David Ding
I'm a NSF postdoc at UC Berkeley (+Dave Savage) creating commercially viable solutions to climate change.
How I got here: Systems Biology PhD at MIT/Harvard (+Mike Laub and Debbie Marks), Biochemistry & Functional Genomics at Oxford University, born in Austria and raised by scrappy Chinese immigrants.
Scaling biology for a biosynthetic future
1) ML-designed enzymes for material production at scale with predictable economics.
With the billions & billions of actual and soon to exist enzymes, why isn't everything made using biology? Learning from the early attempts of bio-fuels and materials, I create bespoke high-throughput datasets to power machine learning and process design efforts to enable a sustainable future.
For example, together with members of the Debora Marks, Jill Banfield and David Baker lab, I work on engineering carbonic anhydrase for industrial conditions, such as direct air capture and our built environment.
2) Discovering molecular tools from extremophiles.
There are certain paradigms of how life works, but we really only know about normal conditions. How is a whole proteome rewired to adapt to life at 100C or possibly even 250C? I believe we've only scratched the surface of the paradigm shifts and molecular tools, and are mining these organisms with Jill Banfield.
3) Gene editing for next generation sustainable crops.
Agriculture has scale, but with breeding we're only slowly inching our way towards possible photosynthetic efficiencies. We produce high-throughput data to realize the potential of gene editing for a sustainable future using timely crop improvements.
Past Research
You don't need $$$ and billions of parameters to model protein evolution.
I discovered that simple regression models can fit and predict in some cases almost perfectly which mutations are tolerated next. This also enabled us to use equivariant graph convolutional neural networks to learn mutational preferences and make predictions just from the surrounding context of a protein site. paper, talk.
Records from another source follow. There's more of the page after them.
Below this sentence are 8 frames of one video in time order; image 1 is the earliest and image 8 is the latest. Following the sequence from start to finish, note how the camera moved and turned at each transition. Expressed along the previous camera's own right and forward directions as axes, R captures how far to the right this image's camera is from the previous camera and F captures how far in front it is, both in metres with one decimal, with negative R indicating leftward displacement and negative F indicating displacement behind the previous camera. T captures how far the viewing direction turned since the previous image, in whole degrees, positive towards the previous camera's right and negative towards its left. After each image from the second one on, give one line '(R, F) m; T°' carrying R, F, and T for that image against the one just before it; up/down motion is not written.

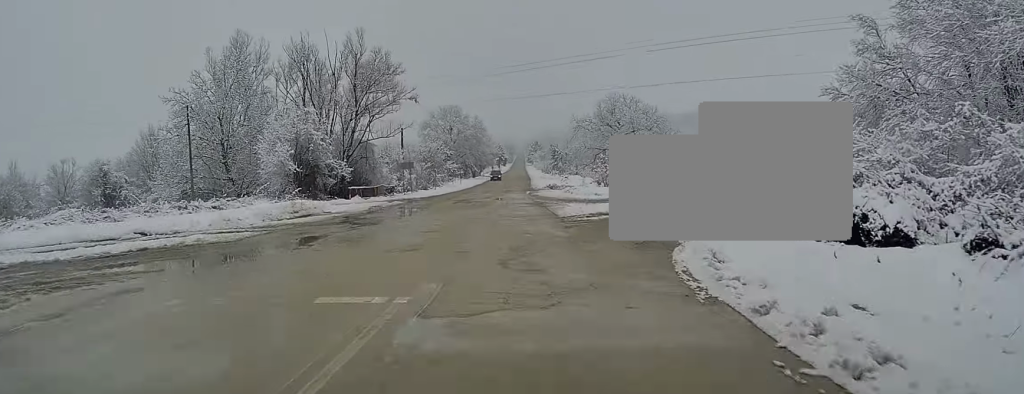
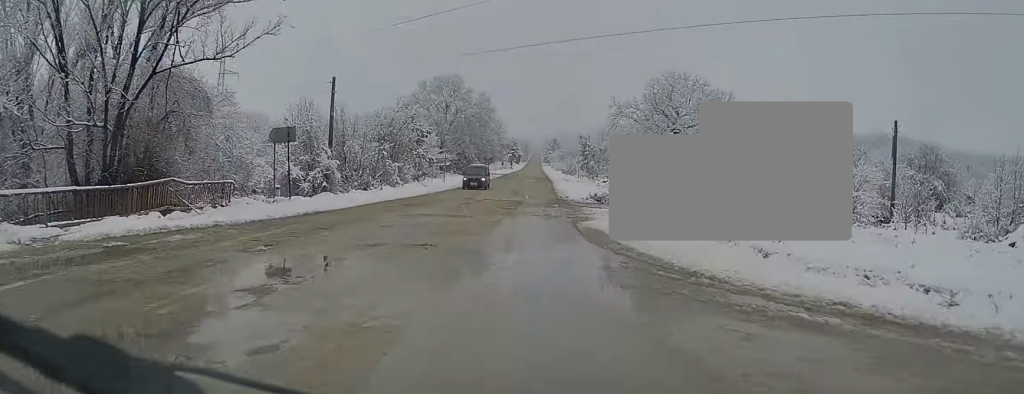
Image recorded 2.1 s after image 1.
(-0.5, +36.1) m; -2°
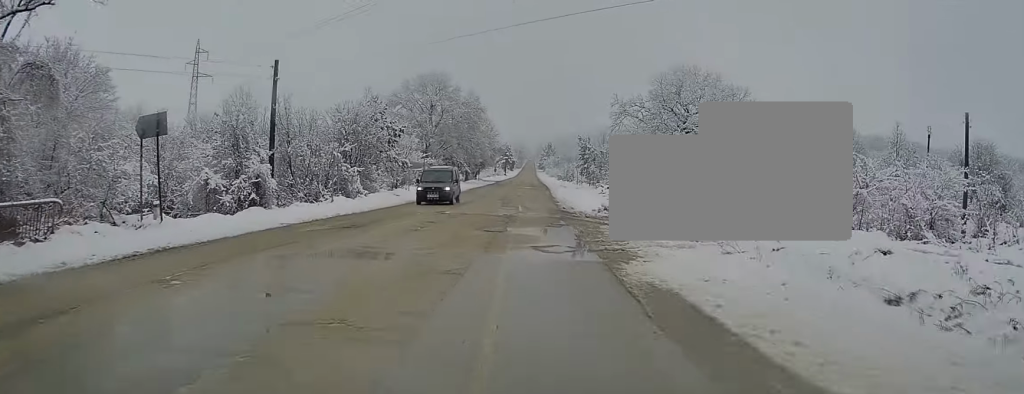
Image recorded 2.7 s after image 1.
(+0.1, +9.6) m; 0°
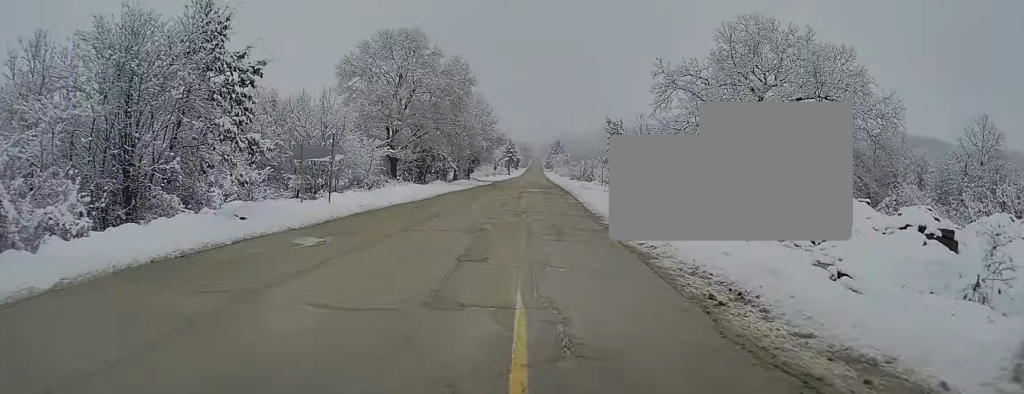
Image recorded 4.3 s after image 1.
(-0.3, +26.4) m; 0°
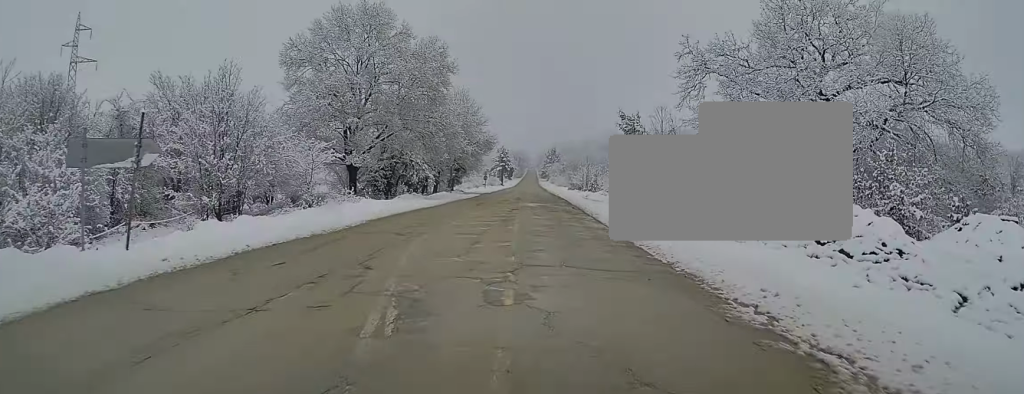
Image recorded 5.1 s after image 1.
(+0.1, +13.5) m; 0°
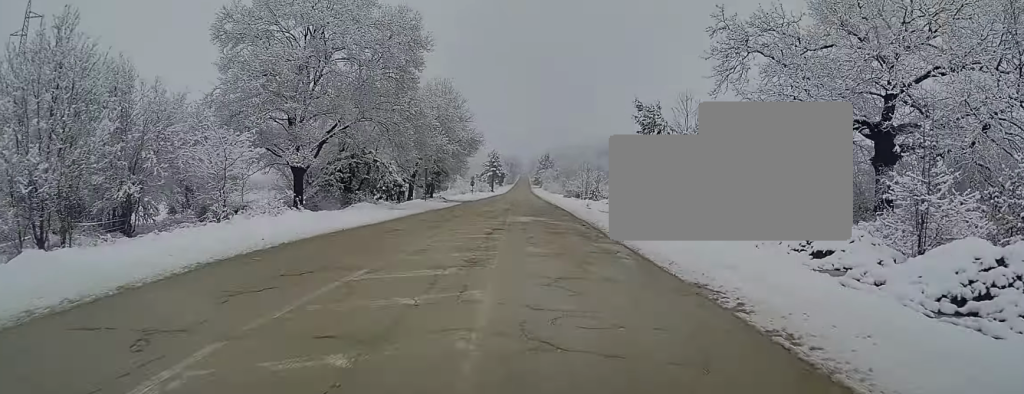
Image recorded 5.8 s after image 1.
(0.0, +10.8) m; 0°
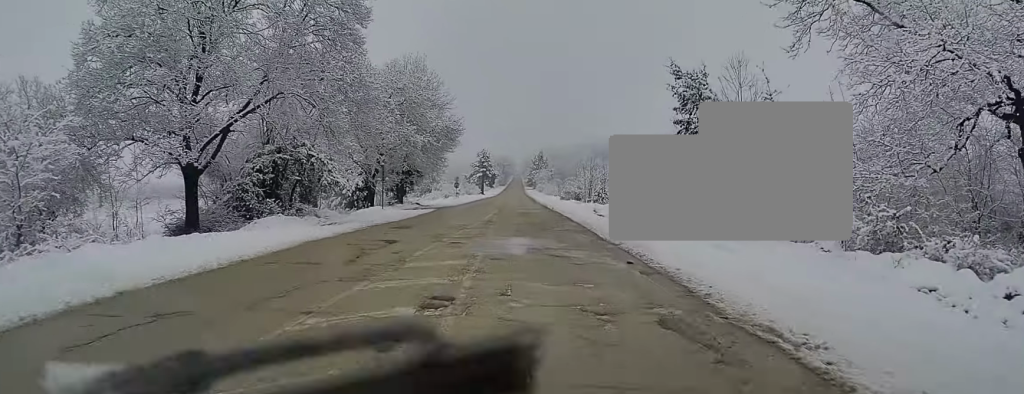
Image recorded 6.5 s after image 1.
(0.0, +12.5) m; +1°
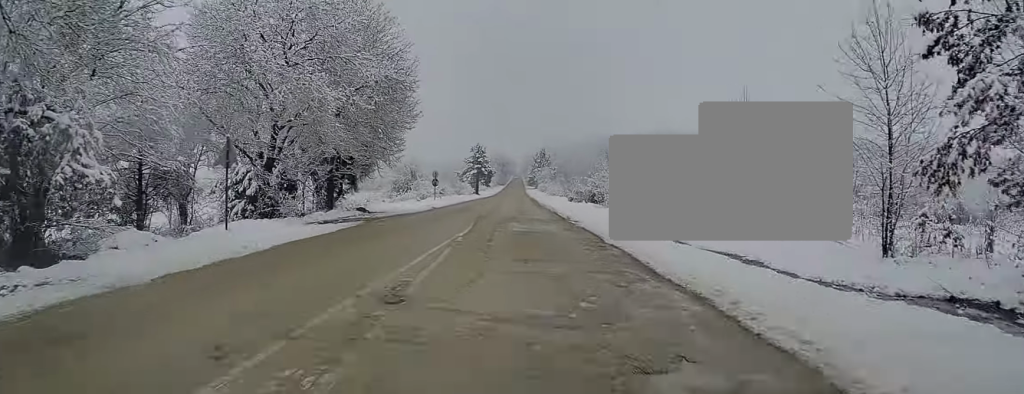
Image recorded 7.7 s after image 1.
(+0.2, +19.1) m; +1°

What makes biological systems evolvable?
Unlike man-made systems, biological systems have a profound ability to evolve, ie. generate functional novelty. But how does random recombination and mutation produce living and completely new offspring? In grad school, I developed systematic assays and Bayesian inference models to map and predict how proteins can do this. paper, news&views.
What does the 95% of noncoding human genome do?
When I studied biochemistry at Oxford, it was clear that the future would not be in individual, pain-staking measurements, but systematic ones offered by genomic technologies. I ended up building analysis pipelines for understanding the disease contribution of the non-coding human genome. paper.
Other interests
What's the future of knowledge work?
Decision making is computation on what surfaces from the subconscious. But how do you load the right, but very limited information? I'm exploring options to tap into not just personal but the sea of the world's knowledge, and enable conscious control over what is loaded.
Unconventional approaches to changing minds about sustainability: Veganali
Other: I love having the limits of my expectations blown also outside of research, whether during Muay Thai, surfing, half ironmans, or being a dad.